ACTION ITEM >> Transcribe the following entries word for word; no picture is to appear in the copy.

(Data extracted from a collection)
○ ○ ○ ○
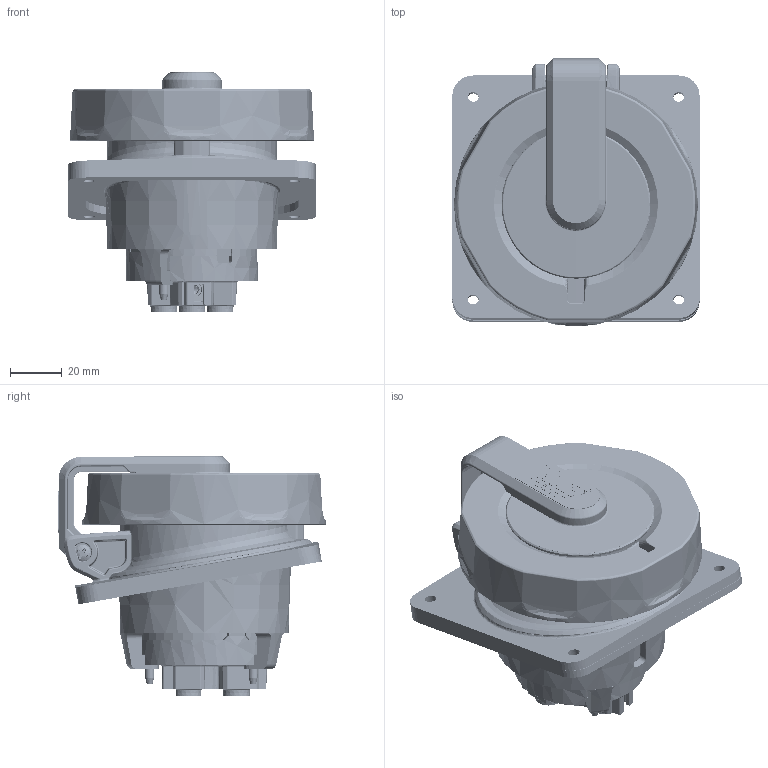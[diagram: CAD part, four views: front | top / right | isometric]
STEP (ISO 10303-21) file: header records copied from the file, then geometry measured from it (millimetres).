
FILE_DESCRIPTION (( 'STEP AP214' ), '1' );
FILE_NAME ('ORB4220-M02.STEP', '2025-05-07T15:37:15', ( '' ), ( '' ), 'SwSTEP 2.0', 'SolidWorks 2024', '' );
FILE_SCHEMA (( 'AUTOMOTIVE_DESIGN' ));
Length unit declared in the file: inch
Products named in the file (1): ORB4220-M02
Bounding box: 95.25 x 103.47 x 92.49 mm (x, y, z)
Volume: 348221.3 mm3; surface area: 159369.3 mm2
Topology: 24 solids, 24 shells, 6018 faces, 15759 edges, 9795 vertices
Faces by surface type: plane 2190, bspline 1492, cylinder 1171, torus 643, cone 364, sphere 158
Entity records: 248718 total; most frequent: CARTESIAN_POINT 116322, ORIENTED_EDGE 31276, DIRECTION 22596, EDGE_CURVE 15638, VERTEX_POINT 9795, AXIS2_PLACEMENT_3D 7951, VECTOR 6694, LINE 6694
○ ○ ○ ○
OUTPUT FOR THIS EXERCISE >>
[diagram: CAD part, four views: front | top / right | isometric]
STEP (ISO 10303-21) file: header records copied from the file, then geometry measured from it (millimetres).
FILE_DESCRIPTION (( 'STEP AP214' ), '1' );
FILE_NAME ('ORB4220-M02.STEP', '2025-05-07T15:37:15', ( '' ), ( '' ), 'SwSTEP 2.0', 'SolidWorks 2024', '' );
FILE_SCHEMA (( 'AUTOMOTIVE_DESIGN' ));
Length unit declared in the file: inch
Products named in the file (1): ORB4220-M02
Bounding box: 95.25 x 103.47 x 92.49 mm (x, y, z)
Volume: 348221.3 mm3; surface area: 159369.3 mm2
Topology: 24 solids, 24 shells, 6018 faces, 15759 edges, 9795 vertices
Faces by surface type: plane 2190, bspline 1492, cylinder 1171, torus 643, cone 364, sphere 158
Entity records: 248718 total; most frequent: CARTESIAN_POINT 116322, ORIENTED_EDGE 31276, DIRECTION 22596, EDGE_CURVE 15638, VERTEX_POINT 9795, AXIS2_PLACEMENT_3D 7951, VECTOR 6694, LINE 6694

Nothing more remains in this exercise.